The Cosmos Hub has Atoms, with a starting supply of around 220 million, as its internal token. Accounts and Atom balances of the accounts are maintained in the ledger (the blockchain) of the Cosmos Hub. In order to select the accountants that would maintain the ledger, an option is created for any account holder to post its Atom balances as a security deposit and become an accountant for the ledger. Witness the beautiful circularity in the design: One has a ledger of Atom balances; particular holders of Atom balances are able to (voluntarily) use those balances as security deposits and become accountants; and the set of accountants chosen thus maintain and update the ledger. This is how the fundamental problem of selecting a group of accountants for PBFT flavored consensus algorithms was resolved in the Tendermint paper from 2014.
Of course, different accountants will post different amounts of security deposits. Those posting larger security deposits (like 10 million Atoms) have greater value at stake than those supplying smaller security deposits (like 1 million Atoms). If both these parties were to have an equal say in deciding which pages get added to the ledger; then there would be an enormous incentive for the larger security deposit accountant to split their deposit into smaller amounts, and get a bigger say. The only logical conclusion, therefore, is for the say, or voting power, of each accountant to be proportional to the security deposit posted by them.

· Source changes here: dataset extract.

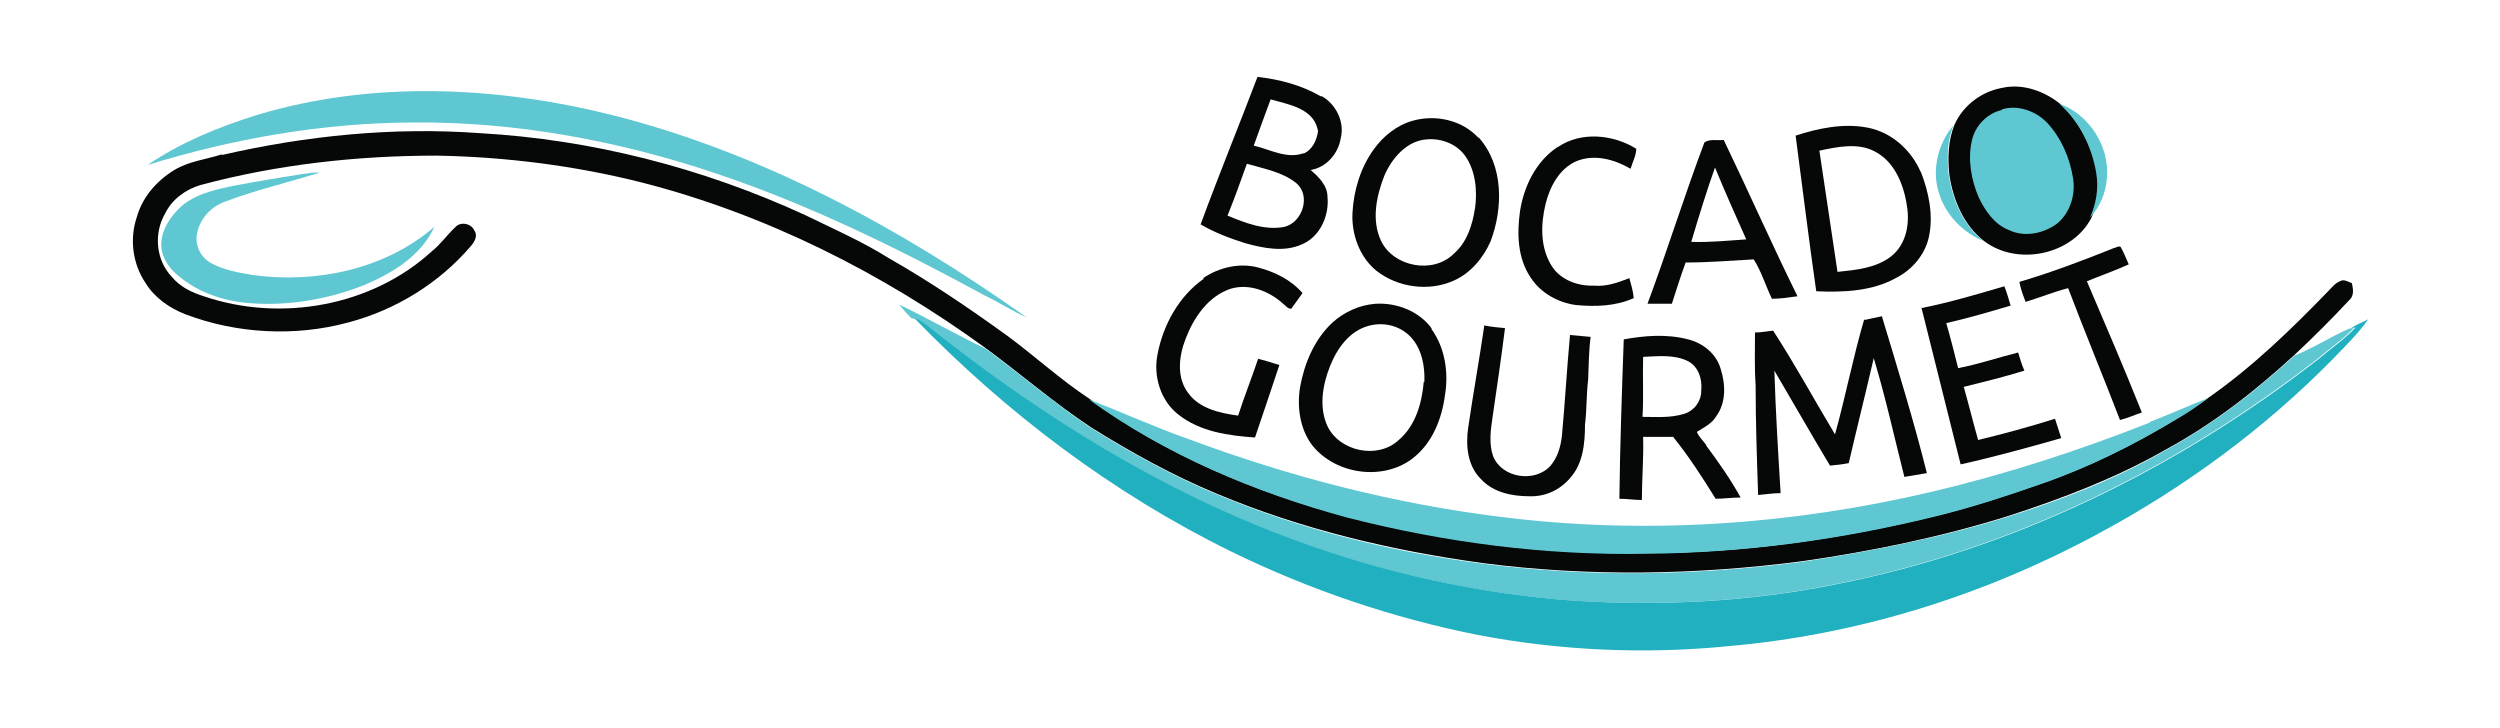 <svg xmlns="http://www.w3.org/2000/svg" id="_x3C_Capa_x3E_" viewBox="0 0 400 116.4"><defs><style> .st0 { fill: #060707; } .st1 { fill: #20b0bf; } .st2 { fill: #5ec7d1; } </style></defs><path class="st0" d="M211.3,15.4c-3.1-1.8-6.6-2.7-10.1-3.1-3,7.9-6.2,15.7-9.1,23.6,2.2,1.3,4.6,2.2,7.1,3,2.9.8,6.2,1.5,9.1.2,2.9-1.2,4.4-4.6,4.1-7.6,0-1.8-1.4-3.2-2.7-4.3,2.5-.4,4.4-2.6,4.8-5,.7-2.6-.7-5.5-3-6.8ZM205.5,36.3c-3.1.6-6.2-.6-9.1-1.8,1.1-2.7,2.1-5.5,3.1-8.3,2.7.8,5.7,1.3,7.9,3.1,2.4,2,1,6.3-1.9,7ZM208.6,24.5c-2.7,1-5.4-.6-8-1.2.9-2.5,1.8-5,2.7-7.4,2.8.8,6.7,1.4,7.5,4.7,0,0,0,.2.1.3-.2,1.5-.9,3.1-2.4,3.7Z"></path><path class="st0" d="M320.6,14c3.2-.6,6.5.6,9,2.6,3.2,2.9,5.2,6.9,6,11.2.4,2.4,0,4.9-1,7.1-3.1,5.9-11.8,7.7-17.1,3.7-3.3-2.5-5-6.6-5.6-10.6-.3-2.7-.2-5.5.8-8,1.4-3.2,4.5-5.5,8-6h0Z"></path><path class="st2" d="M41.1,18.4c18.6-5.6,38.6-4.6,57.2.1,23.9,6.1,45.9,18.1,66,32.3-2.3-1-4.4-2.4-6.7-3.5-13.8-7.5-28-14.5-42.9-19.5-15.7-5.3-32.4-8.4-49-8.2-14.3.1-28.5,2.6-42.1,6.8,5.3-3.6,11.4-6.1,17.5-8h0Z"></path><path class="st2" d="M329.5,16.6c4.8,1.7,8.1,6.9,7.6,12-.2,2.3-1.1,4.5-2.7,6.2,1-2.2,1.4-4.7,1-7.1-.7-4.2-2.7-8.3-6-11.2h0Z"></path><path class="st2" d="M320.3,17.5c2.6-.8,5.5.3,7.3,2.2,2.2,2.4,3.6,5.6,4.1,8.9.4,2.6-.5,5.5-2.6,7.2-2.2,1.6-5.2,2.2-7.7,1-2.3-.9-3.8-3.1-4.8-5.2-1.2-2.8-1.8-6.1-1.1-9.1.5-2.4,2.5-4.4,4.8-4.9h0Z"></path><path class="st0" d="M236.5,22c-2.6-2.8-6.8-3.7-10.4-2.7-2.6.7-4.8,2.5-6.3,4.6-2.1,2.9-3.2,6.5-3.4,10.1-.2,3.4,1.1,7.1,3.8,9.3,3.4,2.7,8.4,3.4,12.4,1.6,2.7-1.2,4.7-3.6,5.9-6.3,2-5.3,2.1-12.1-1.9-16.6ZM236,33.3c-.4,2.7-1.3,5.5-3.4,7.3-3.3,3.3-9.6,2.1-11.6-2-1.6-3.3-.8-7.2.5-10.5,1.2-2.8,3.6-5.6,6.8-5.8,2.3-.2,4.7.7,6.1,2.6,1.7,2.4,2,5.6,1.6,8.5Z"></path><path class="st0" d="M307.3,27.5c-1.5-3.5-4.7-6.4-8.6-7.1-3.8-.7-7.7.1-11.4,1.3,1.1,8.3,2.1,16.6,3.3,24.9,4.4.2,9,0,12.9-2.2,2.5-1.3,4.5-3.7,5.1-6.4.8-3.5,0-7.3-1.3-10.6ZM302.6,41c-2.4,1.9-5.7,2.2-8.6,2.5-1-6.5-1.9-12.9-2.9-19.4,2.9-.6,6.1-1.3,8.8.1,3.2,1.6,4.7,5.3,5.2,8.7.5,2.9-.1,6.2-2.5,8.1Z"></path><path class="st2" d="M310.3,31.1c-1.3-3.7-.3-8.1,2.3-11.1-1.1,2.5-1.1,5.3-.8,8,.6,4,2.3,8.1,5.6,10.6-3.3-1.4-6-4.1-7.1-7.5h0Z"></path><path class="st0" d="M35.5,24.8c13.5-3.1,27.4-4.5,41.2-3.5,18,1,35.8,5.6,52.1,13.1,4.5,2.2,9.1,4.2,13.4,6.9,6.5,3.7,12.7,7.9,18.8,12.3,4.5,3.3,8.6,7.1,13.3,10.2,12.3,9,26.6,15,41.3,18.9,15.6,4,31.7,6.1,47.8,5.8,15.8,0,31.5-2.3,46.9-6.1,5.6-1.4,11.1-3.2,16.5-5.1,7.5-2.6,14.7-6.2,21.5-10.3,1.7-1.1,3.4-2.2,5.1-3.4,7-4.9,13.2-10.9,19.1-17,.6-.6,1.1-1.3,1.9-1.6.6-.4,1.3.1,1.9.3.2.9.4,2-.4,2.7-2.8,3-5.8,6-8.8,8.8-6.3,5.8-13.1,11.1-20.7,15.2-7.9,4.5-16.3,7.7-24.9,10.5-10.8,3.4-22,5.7-33.2,7.3-16.9,2.2-34.1,2.5-51,.3-14.6-2-29-5.4-42.6-11.1-7-2.9-13.7-6.6-20.1-10.6-5.9-3.9-11.2-8.5-16.9-12.7-16.5-12-35.1-21.4-55-26.5-10.7-2.7-21.8-4.1-32.8-4.3-12.7,0-25.5,1.4-37.8,4.7-2.4.7-4.6,2.3-5.7,4.6-1.8,3.1-1.5,7.4,1.1,10.1,1.3,1.6,3.2,2.5,5.1,3.1,12.3,4.2,26.9,1.6,36.5-7.2,1.4-1.1,2.4-2.6,3.7-3.8.8-1,2.6-.7,3.1.5.6.8,0,1.8-.5,2.4-5.1,6-12.1,10.3-19.7,12.3-8.5,2.3-17.8,1.8-26-1.3-2.6-1-5-2.7-6.4-5-2.1-3.1-2.6-7.1-1.4-10.6.9-3.2,3.2-5.8,6-7.5,2.3-1.4,5.1-1.7,7.6-2.5h0Z"></path><path class="st0" d="M249.3,23.5c3.7-2.5,8.8-2,12.5.3,0,1.1-.6,2.1-.9,3.2-2.6-1.5-5.8-2.4-8.7-1.2-2.7,1.2-4.2,4-4.9,6.8-.8,3.3-.9,7,1,10,1.4,2.2,4.2,3.2,6.7,3.1,2,.2,3.9-.5,5.7-1.2.3,1.1.6,2.1.7,3.2-2.9,1.3-6.1,1.4-9.3,1.1-2.8-.4-5.6-1.9-7.2-4.4-2.1-3.1-2.2-7-1.7-10.6.6-3.9,2.5-7.9,5.9-10.2h0Z"></path><path class="st0" d="M275.7,22.4c-1,.1-2.2-.2-3,.4-3.2,8.5-5.9,17.2-9.1,25.8,1.3,0,2.6,0,3.9,0,.7-2.2,1.4-4.4,2.2-6.6,3.6,0,7.3-.3,10.9-.5,1.2,1.9,1.9,4.2,2.9,6.3,1.4,0,2.7-.2,4.1-.4-4.1-8.3-7.8-16.7-11.8-25ZM270.6,38.7c1.2-4,2.4-8,3.8-11.9,1.6,3.9,3.3,7.7,5,11.5-2.9.2-5.9.5-8.8.4Z"></path><path class="st2" d="M45.6,28.3c1.9-.3,3.7-.7,5.6-.7-5.1,1.6-10.3,2.8-15.3,4.7-2.2.8-4,2.8-4.4,5.2-.3,1.8.6,3.6,2.1,4.5,2.1,1.2,4.5,1.6,6.8,2,10.2,1.4,21.2-.9,29.1-7.7-2.1,4.6-6.7,7.4-11.2,9.3-5.8,2.3-12.2,3.4-18.4,2.9-4.1-.3-8.2-1.7-11.4-4.4-1.6-1.3-2.8-3.2-2.7-5.2.1-2.1,1.3-4,2.8-5.5,1.8-1.8,4.2-2.6,6.6-3.2,3.4-.8,6.9-1.3,10.3-1.9"></path><path class="st0" d="M338.1,39.7c.4,0,.8-.4,1.2-.2.5.9.9,1.9,1.3,2.8-2.2,1-4.5,1.8-6.7,2.7,3,7,6,14,8.8,21-1.2.4-2.3.9-3.5,1.2-2.7-7-5.6-14-8.3-21.1-2.3.6-4.5,1.5-6.8,2.2-.4-1-.8-2.1-1-3.2,5.1-1.5,10.1-3.4,15.1-5.4h0Z"></path><path class="st0" d="M192.5,44.5c2.5-1.7,5.8-2.5,8.8-1.7,2.7.7,5.3,2,7.1,4.1-.6.8-1.2,1.7-1.8,2.5-.6,0-.9-.5-1.3-.8-2.2-2-5.4-3.3-8.4-2.4-3.6,1.2-5.9,4.6-7.2,8-1.1,2.8-1.5,6.3.5,8.8,1.8,2.4,5,3.1,7.9,3.5,1-3.1,2.2-6.1,3.2-9.1,1.1.3,2.2.6,3.4,1-1.3,3.9-2.6,7.8-3.9,11.6-4.2-.3-8.8-.9-12.3-3.7-2.8-2.2-4-6.1-3.3-9.6.9-4.7,3.4-9.3,7.4-12.1h0Z"></path><path class="st0" d="M307.4,49.3c4.5-.9,8.9-2.2,13.3-3.5.4,1,.7,2.1,1,3.1-3.4,1-6.8,2-10.3,2.8.7,2.4,1.3,4.8,1.9,7.2,3.2-.6,6.4-1.7,9.6-2.5.3,1,.6,2,1,2.9-3.2,1-6.5,1.8-9.7,2.6.8,2.8,1.5,5.7,2.3,8.5,4.1-1,8.2-2.1,12.3-3.4.3,1,.7,2.1,1,3.1-5.3,1.5-10.7,3-16.1,4.2-2.1-8.4-4.2-16.8-6.3-25.2h0Z"></path><path class="st0" d="M229.1,52.6c-2-2.8-5.6-4.2-9-4-2.6.2-5,1.3-6.9,3-2.9,2.7-4.5,6.5-5.2,10.4-.5,3.2,0,6.7,2,9.3,3.8,4.7,11.5,5.7,16.2,1.9,3-2.4,4.5-6.2,5-10,.6-3.6,0-7.6-2.2-10.6ZM227.8,61.1c-.3,3.4-1.3,7-4,9.3-3.3,3.1-9.4,1.9-11.4-2.2-1.4-3-.8-6.6.4-9.6,1.1-2.8,3.1-5.7,6.3-6.5,2.3-.6,4.9,0,6.6,1.8,1.8,1.9,2.3,4.7,2.2,7.2Z"></path><path class="st2" d="M144,48.8c4.6,2.2,9.1,4.8,13.7,7,5.7,4.2,11.1,8.8,16.9,12.7,6.4,4,13.1,7.7,20.1,10.6,13.6,5.7,28,9.2,42.6,11.1,16.9,2.2,34.1,1.9,51-.3,11.2-1.7,22.4-3.9,33.2-7.3,8.6-2.7,17.1-6,24.9-10.5,7.5-4.1,14.4-9.4,20.7-15.2,3-1.2,5.8-3,8.7-4.3.2,0,.7-.1.9-.2-1.8,1.9-4,3.4-6,5.1-22.6,17.5-49,30.5-77.2,36-13.8,2.8-28,3.5-42,2.6-15.1-1.1-30-4.4-44.3-9.6-21.3-7.7-40.7-19.8-58.3-33.8-.9-.7-1.8-1.6-3-1.8h-.1c-.7-.7-1.3-1.4-1.9-2.1h0Z"></path><path class="st0" d="M298.3,51.2c.9-.2,1.9-.4,2.8-.6,2.5,8.3,5.1,16.7,7.2,25.1-1.2.2-2.4.4-3.6.6-1.6-6.3-3-12.7-4.9-19-1.3,5.6-2.7,11.2-4,16.8-1,.2-2,.3-3,.4-3-5-5.9-10.1-8.9-15.2.2,6.6.6,13.1,1,19.6-1.2,0-2.4.2-3.6.3-.2-5.9-.4-11.7-.4-17.6-.2-2.8-.1-5.6-.1-8.4,1,0,1.9-.2,2.9-.3,3.5,5.4,6.6,11.1,9.9,16.6,1.7-6.1,2.9-12.4,4.7-18.5h0Z"></path><path class="st1" d="M146.1,50.9c1.2.2,2.1,1.1,3,1.8,17.7,14,37.1,26.1,58.3,33.8,14.2,5.2,29.2,8.5,44.3,9.6,14,.9,28.2.2,42-2.6,28.2-5.5,54.6-18.5,77.2-36,2-1.7,4.2-3.2,6-5.1-.2,0-.7.1-.9.2.9-.6,1.9-1,2.9-1.5-1.6,2.3-3.7,4.3-5.6,6.3-11,11.2-23.8,20.6-37.6,28-18.3,9.9-38.5,16.2-59.3,18-13.3,1.3-26.8.7-39.9-1.8-13.6-2.7-26.9-7.2-39.4-13.3-19-9.3-36.2-22.3-50.9-37.5h0Z"></path><path class="st0" d="M237.6,52.1c1.1.2,2.1.3,3.2.4-.6,4.8-1.3,9.5-2,14.3-.3,2-.6,4.2.1,6.2,1.4,3.5,6.7,4.3,9.2,1.5,1.1-1.3,1.6-3,1.8-4.7.5-5.4.8-10.8,1.3-16.2,1.1.1,2.2.2,3.3.3-.3,2.3-.3,4.6-.4,6.9-.3,2.4-.2,4.8-.5,7.1,0,3-.3,6.3-2.4,8.6-1.6,1.9-4,3-6.5,2.9-2.8,0-5.8-.6-7.8-2.8-2.1-2.1-2.4-5.3-2-8.1.8-5.5,1.8-11,2.6-16.5h0Z"></path><path class="st0" d="M273,71.2c-.5-.7-1.2-1.3-1.5-2.1,1.1-.7,2.4-1.3,3.1-2.5,1.6-2.2,1.5-5.1.7-7.6-.7-2.4-2.8-4.1-5.2-4.7-3.4-.9-7-.6-10.3,0-.3,8.5-.6,17-.7,25.5,1.2,0,2.4.2,3.6.2,0-3.4.3-6.7.2-10.1,1.6,0,3.2,0,4.8,0,2.5,3.1,4.7,6.5,6.8,9.9,1.3,0,2.7-.2,4-.2-1.6-2.9-3.5-5.6-5.5-8.3ZM269.5,66.2c-2.2.7-4.5.5-6.7.5.2-3.2,0-6.4.1-9.6,2.3-.1,4.8-.4,7,.6,1.8.8,2.5,2.9,2.3,4.8,0,1.7-1.1,3.2-2.7,3.7Z"></path><path class="st2" d="M344,67.5c3.1-1.2,6.2-2.6,9.3-3.8-1.6,1.2-3.3,2.4-5.1,3.4-6.8,4.1-14,7.7-21.5,10.3-5.4,1.9-10.9,3.7-16.5,5.1-15.3,3.8-31.1,6-46.9,6.1-16.1.3-32.2-1.8-47.8-5.8-14.7-4-29-10-41.3-18.9,5.4,2.1,10.7,4.5,16.1,6.4,16.1,6,32.8,10.3,49.8,12.4,23,2.9,46.4,1.3,68.9-4,11.9-2.8,23.6-6.6,35-11.1h0Z"></path></svg>

Security bonds solved a separate, titanically important, problem in the cryptocurrency space — the problem of how to punish accountants for their misbehavior. Systems, prior to early Tendermint, had relied on attracting a set of accountants (miners) via the promise of inflationary rewards. One can think of these block rewards as a carrot — individual miners ran accounting systems for cryptocurrency in the expectation of inflationary rewards in the native tokens of the networks. In 2014, the Bitcoin system printed new bitcoin, worth $400 million plus, and awarded them to its set of functional accountants in 2014 — the Bitcoin miners. However, Bitcoin has no mechanism to actively punish a miner if they try to, say, include a fraudulent transaction in the network. Bitcoin possesses only carrots but no sticks!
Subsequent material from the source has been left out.